In particular, new users will never be shown in any statistics export by default if they not enable stats export manually.
However, statistics that is exported by the BOINC Projects contains no personal information (with two exceptions explained below) that might identify the BOINC user is one or another way.

Thus I propose next:

• Enable statistics export of all users and all hosts by default
• Rename current statistics export option to 'Not include personal information into the exported statistics' (better wording here is required)
• For those users who don't want to export their personal information, do not include 'name' and 'url' fields (or make them empty) when doing users stats export
• For those users who have their hosts hidden, do not include <userid> tag (or make it empty) when doing hosts stats export (mostly duplicate ticket shouldn't export credit stats if hosts hidden? #3766 is closed)

[davidpanderson]

Have we decided what constitutes private information?
For example: user name.
When we ask for it, we call it 'screen name', which implies that it's public.
It's shown on the project web site, and can't be hidden.
Similar with URL, country, and user ID.
We show these on the project web site -
why not show them in stats export too?

[brevilo]

We identified that initially the implementation of the GDPR compliance was made too strict, that prevents data aggregators to show the correct statistics of the BOINC network.

Devil's advocate speaking now: "so what?". The aggregators aren't a necessary component that a BOINC project needs to fulfill its service. It's a totally independent entity that can't expect anything from a BOINC project or its registered users by default. Just to make sure: I'm not arguing about what might be nicer for the BOINC ecosystem or not; I'm just discussing this from a GDPR perspective, since that's the legal basis, whether we like it or not. More on the issues related to data transfers and defaults below.

Rename current statistics export option to 'Not include personal information into the exported statistics' (better wording here is required)
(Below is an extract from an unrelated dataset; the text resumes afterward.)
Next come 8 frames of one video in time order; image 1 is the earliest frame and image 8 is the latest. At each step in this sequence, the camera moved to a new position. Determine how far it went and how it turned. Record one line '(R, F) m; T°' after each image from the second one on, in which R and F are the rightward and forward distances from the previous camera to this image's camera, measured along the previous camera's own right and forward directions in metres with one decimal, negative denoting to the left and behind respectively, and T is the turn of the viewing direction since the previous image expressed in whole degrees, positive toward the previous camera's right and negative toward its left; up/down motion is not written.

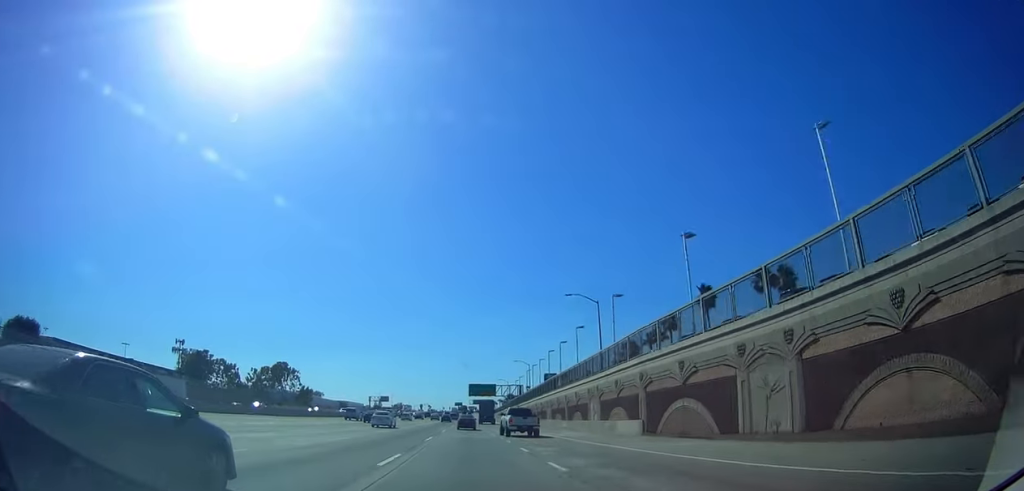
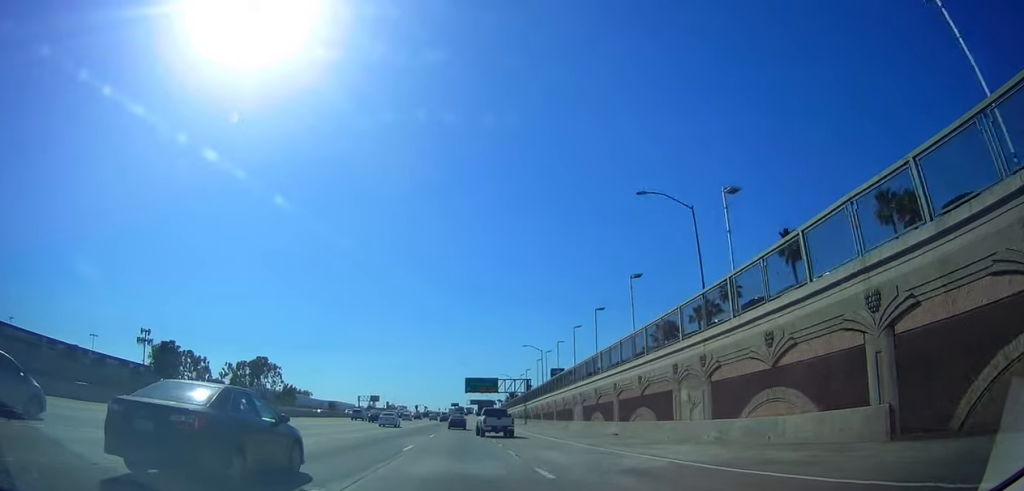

This at least needs to be accompanied by a privacy policy that details it the other way round: you have to say what you do export, not what you don't. As is, such an opt-out violates GDPR's "transparency" and "data protection by design and by default" principles.

We show these on the project web site - why not show them in stats export too?

There's a difference between agreeing to publish certain details on a single project one willingly signed up for and having those details transferred to various third parties - without consent. Opt-out doesn't constitute an informed consent. Also, from the data controller's (i.e project's) point of view, what is the legal basis for this data transfer, if not consent? Legitimate interest? Very unlikely (see first statement above).

Furthermore, exactly what kind of entity is a stats site (or any stats export recipient) in the GDPR framework? Since a project ("controller") transfers data for a kind of service augmentation (or does it really?), it's probably a "processor", potentially in a third country or even outside the EU. Just have a look at the can of worms that already opens.

Have we decided what constitutes private information?

This isn't really up to us to decide; there's a legal definition for it. Screen name, URL, country and user ID can potentially be used to identify a natural person, indirectly or even directly. So we need to tread carefully here since that definition is, as with many legal definitions, not cut crystal-clear or tailored to every single use case. How could it be? That's why we have courts after all...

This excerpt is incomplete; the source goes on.